> [Work item]: Give the entries again exactly, every one of them.

> [Provided material]:
==========
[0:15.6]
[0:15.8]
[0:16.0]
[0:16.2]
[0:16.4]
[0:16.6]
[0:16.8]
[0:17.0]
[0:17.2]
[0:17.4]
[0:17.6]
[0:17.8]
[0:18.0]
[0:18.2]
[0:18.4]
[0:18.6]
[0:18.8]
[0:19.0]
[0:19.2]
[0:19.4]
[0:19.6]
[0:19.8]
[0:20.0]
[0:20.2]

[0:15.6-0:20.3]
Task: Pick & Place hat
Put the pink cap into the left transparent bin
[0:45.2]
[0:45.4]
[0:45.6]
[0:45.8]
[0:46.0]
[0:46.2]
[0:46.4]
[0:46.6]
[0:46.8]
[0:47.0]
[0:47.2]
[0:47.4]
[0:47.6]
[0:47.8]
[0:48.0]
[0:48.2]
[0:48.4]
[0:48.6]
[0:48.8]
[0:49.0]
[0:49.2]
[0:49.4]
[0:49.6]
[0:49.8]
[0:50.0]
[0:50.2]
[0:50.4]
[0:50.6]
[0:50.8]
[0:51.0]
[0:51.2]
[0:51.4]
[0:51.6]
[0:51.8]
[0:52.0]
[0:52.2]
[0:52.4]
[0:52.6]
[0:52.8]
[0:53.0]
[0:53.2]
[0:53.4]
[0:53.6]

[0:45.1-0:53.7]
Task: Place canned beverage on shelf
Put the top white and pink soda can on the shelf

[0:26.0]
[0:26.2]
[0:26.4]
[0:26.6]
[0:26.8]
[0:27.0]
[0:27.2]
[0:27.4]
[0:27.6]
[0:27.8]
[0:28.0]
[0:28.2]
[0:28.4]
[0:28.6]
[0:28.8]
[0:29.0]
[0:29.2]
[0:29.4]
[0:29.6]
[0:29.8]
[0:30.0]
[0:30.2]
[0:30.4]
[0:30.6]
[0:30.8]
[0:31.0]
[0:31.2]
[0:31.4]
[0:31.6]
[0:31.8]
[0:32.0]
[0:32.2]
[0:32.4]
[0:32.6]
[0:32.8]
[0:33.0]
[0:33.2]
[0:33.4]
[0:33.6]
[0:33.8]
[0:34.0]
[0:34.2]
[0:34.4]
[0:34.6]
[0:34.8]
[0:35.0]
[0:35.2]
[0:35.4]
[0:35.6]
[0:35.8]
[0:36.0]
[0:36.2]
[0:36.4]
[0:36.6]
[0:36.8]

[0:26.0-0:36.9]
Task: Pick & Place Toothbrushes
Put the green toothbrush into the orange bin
==========
> [Result of this task]:
[0:15.6]
[0:15.8]
[0:16.0]
[0:16.2]
[0:16.4]
[0:16.6]
[0:16.8]
[0:17.0]
[0:17.2]
[0:17.4]
[0:17.6]
[0:17.8]
[0:18.0]
[0:18.2]
[0:18.4]
[0:18.6]
[0:18.8]
[0:19.0]
[0:19.2]
[0:19.4]
[0:19.6]
[0:19.8]
[0:20.0]
[0:20.2]

[0:15.6-0:20.3]
Task: Pick & Place hat
Put the pink cap into the left transparent bin
[0:45.2]
[0:45.4]
[0:45.6]
[0:45.8]
[0:46.0]
[0:46.2]
[0:46.4]
[0:46.6]
[0:46.8]
[0:47.0]
[0:47.2]
[0:47.4]
[0:47.6]
[0:47.8]
[0:48.0]
[0:48.2]
[0:48.4]
[0:48.6]
[0:48.8]
[0:49.0]
[0:49.2]
[0:49.4]
[0:49.6]
[0:49.8]
[0:50.0]
[0:50.2]
[0:50.4]
[0:50.6]
[0:50.8]
[0:51.0]
[0:51.2]
[0:51.4]
[0:51.6]
[0:51.8]
[0:52.0]
[0:52.2]
[0:52.4]
[0:52.6]
[0:52.8]
[0:53.0]
[0:53.2]
[0:53.4]
[0:53.6]

[0:45.1-0:53.7]
Task: Place canned beverage on shelf
Put the top white and pink soda can on the shelf

[0:26.0]
[0:26.2]
[0:26.4]
[0:26.6]
[0:26.8]
[0:27.0]
[0:27.2]
[0:27.4]
[0:27.6]
[0:27.8]
[0:28.0]
[0:28.2]
[0:28.4]
[0:28.6]
[0:28.8]
[0:29.0]
[0:29.2]
[0:29.4]
[0:29.6]
[0:29.8]
[0:30.0]
[0:30.2]
[0:30.4]
[0:30.6]
[0:30.8]
[0:31.0]
[0:31.2]
[0:31.4]
[0:31.6]
[0:31.8]
[0:32.0]
[0:32.2]
[0:32.4]
[0:32.6]
[0:32.8]
[0:33.0]
[0:33.2]
[0:33.4]
[0:33.6]
[0:33.8]
[0:34.0]
[0:34.2]
[0:34.4]
[0:34.6]
[0:34.8]
[0:35.0]
[0:35.2]
[0:35.4]
[0:35.6]
[0:35.8]
[0:36.0]
[0:36.2]
[0:36.4]
[0:36.6]
[0:36.8]

[0:26.0-0:36.9]
Task: Pick & Place Toothbrushes
Put the green toothbrush into the orange bin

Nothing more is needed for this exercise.